Where Time Stands Still

Time stands still for no man.

I had heard it all of my life. I even thought I knew what it meant. Every day is a new day. Life keeps changing. What happened yesterday is gone even if it’s not forgotten. And tomorrow will be different from today.

That’s what I was told.

That’s what I believed.

Somebody lied.

Father Time: Photograph by J Gerald Crawford

There are places in this world where time does stand still.

I know.

I found one of them.

We were driving through the backcountry of Switzerland. I had left Lucerne by the time the morning sun had touched the lake and wanted to see what the land really looked like far off the beaten path.

I took one turn, then another.

After a while, the turns all started to look pretty much alike.

We had a map, but it had been folded, wrinkled, tossed around, passed from hand to hand, and cussed a lot. Mostly it had coffee stains.

We didn’t know where we had been.

We didn’t know where we were going.

We weren’t sure which road led back.

So on we went. I was driving down a long and winding hill, and all of Switzerland spread out before me. It was as beautiful as it was supposed to be.

I guess I should have been out on the side of the road, taking photographs of the mountains. But as I looked out across the field, I immediately lost interest in the mountains.

I hit the brakes and stopped.

The world around me stopped.

Time had suddenly come to a grinding halt. Time was standing still.

Father Time and Gerald Crawford

Out in the field, I saw the old man at work just as he had been for most of his life. I climbed out of the car and walked toward him with my camera. I nodded.

He smiled.

He kept working, raking cut grass by hand, using a wooden rake, the way he had been taught as a boy, the way he touch whoever came along to replace him. Then again, I don’t think he had any idea of going.

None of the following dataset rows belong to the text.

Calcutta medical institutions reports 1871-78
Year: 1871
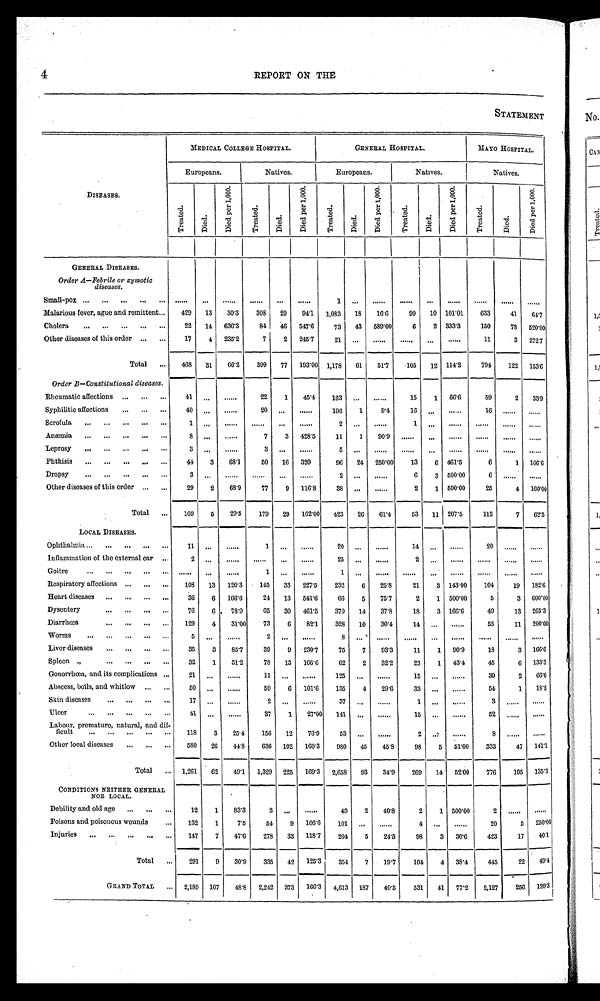
4
REPORT ON THE
STATEMENT
MEDICAL COLLEGE HOSPITAL.
GENERAL HOSPITAL.
MAYO HOSPITAL.
Europeans.
Natives.
Europeans.
Natives.
Natives.
DISEASES.
T r e a t e d
D i e d .
D i e d p e r 1 , 0 0 0 .
T r e a t e d
D i e d .
D i e d p e r 1 , 0 0 0 .
T e a t e d
D i e d .
D i e d p e r 1 , 0 0 0 .
T r e a t e d
D i e d .
D i e d p e r 1 , 0 0 0 .
T r e a t e d
D i e d .
D i e d p e r 1 , 0 0 0 .
GENERAL DISEASES.
Order AFebrile or zymotic
diseases.
Small-pox ...
...
.
Malarious fever, ague and remittent...
Cholera
...
...
...
...
...
Other diseases of this order ...
...
429
22
17
13
14
4
30'3
636'3 2 3 5 . 2
308
84
7
29
46 2
94'1
547. 6
245. 7
1
1,083
73
21
18
43
16'6
589.00
99
6
10
2
...
101'01
333'3
......
633
150
11
41
78
3
6 4 . 7
520'00
272'7
Total
...
468
31
06'2
399
77
193'00 1,178
61
5r7
105
12 114'2
794
122
153.6
Order BConstitutional diseases.
Rheumatic affections ...
...
...
Syphilitic affections
...
...
...
Scrofula
...
...
...
...
...
Anaemia
Leprosy
...
...
...
..,
...
Phthisis
..............
Dropsy
...
...
...
...
...
Other diseases of this order ...
...
41
40
1
8
3
44
3
29
...
...
..,
...
...
3
2
......
......
......
......
631
68'9
22
20
7
3
3
50
77
1
...
3
...
16
9
45.4
......
428'5
..... .
320
116'8
163
106
2
11
5
96
2
38
...
1
1
24
...
......
9'4
90'9
250'00
......
15
16
1
13
6
2
1
.
6
3
1
..
66'6
46r5
500'00
500'00
59
16
6
6
25
2
......
1
4
33.9
......
166'6
160'00
Total
...
169
5
29'5
179
29
162'00
423
26
6 1 . 4
53
11 207'5
112
7
62'5
LOCAL DISEASES.
Ophthalmia ...
...
...
...
Inflammation of the external ear ..,
Goitre
Respiratory affections ...
...
...
Heart diseases ...
...
...
„,
Dysentery
Diarrhœa
..
..
...
...
Liver diseases
...
...
...
Spleen „
...
...
...
...
Gonorrhoea, and its complications ...
Abscess, boils, and whitlow ...
...
Skin diseases
...
...
...
,,,
Ulcer
...
...
...
...
...
Labour, premature, natural, and dif-
ficult
...
...
...
...
...
Other local diseases
...
...
...
11
2
108
36
76
129
35
32
2
50
1
41
118
580
...
13
6
6 ,
4
...
3
1
. . .
...
...
...
3
26
......
120'3
166'6
78'9
31'00
......
85'7
31'2
.....
......
......
......
2 5 . 4
4 4 . 8
1
1
145
24
65
73
2
39
78
11
59
2
37
156
636
...
33
13
30
6
. . .
9
13
...
6
...
1
12
102
......
227.5
541'6
461'5
821
......
230'7
166'6
......
101'6
......
27'00
76'9
160'3
20
25
1
232
66
370
328
8
75
62
125
135
37
141
53
980
...
6
5
14
10
... '
7
2
...
4
„,
...
...
45
......
2 5 . 8
7 5 . 7
37'8
30'4
93'3
32'2
......
29'6
......
......
......
45'8
14
2
21
2
18
14
11
23
15
33
1
15
2
98
3
1
3
...
1
1
...
. . .
5
143'00
500'00
166'6
......
90'9
43'4
......
......
51'00
20
104
5
49
55
18
45
30
5 4
3
8
333
52
19
3
13
11
3
6
2
1
47
182'6
600'00
265'3
200'00
166'6
133'3
66'6
18'5
......
1 4 1 . 1
Total
... 1,261
62
491
1,329
225
169'3
2,658
93
34'9
269
14
52'00
776
105
135'3
CONDITIONS NEITHER GENERAL
NOR LOCAL.
Debility and old age
...
...
. . .
Poisons and poisonous wounds
...
Injuries
. . . . . . . . . . . . . .
. . . . . .
12
132
147
1
1
7
83'3
7'5
47'6
3
54
278
. . .
9
33
......
166'6
118'7
49
101
204
2
...
5
40'8
......
24'5
2
4
98
1
...
3
5 0 0 . 0 0
......
30'6
2
20
423
5
17
......
250'01
401
Total
.,.
291
9
30'9
335
42
125'3
354
7
19'7
104
4
38'4
445
22
49. 4
GRAND TOTAL
... 2,189 107
4 8 . 8 2,242
373
166'3
4,613 187
40'5
531
41
77'2
2,127
256
120'3

I didn’t speak his language, and he didn’t speak mine, so I don’t know who he was, where he lived, how old he was, or how long he had been working in the field. I don’t know if he owned the land or was merely a hired laborer. But the details didn’t mean much to me. They never do.

I saw the man’s life as clearly as if I had known him forever.

The story of his life was written in his face.

For him on every day of his life, for me on one day in my life, time had indeed stood still. Nothing around us had changed for generations. He had no idea that a digitized or mechanized world existed, and I doubted it he cared. This is who he was and what he did, and he was proud of the way he did it.

I waved and walked away.

He kept smiling.

I’ve always thought of him as Father Time.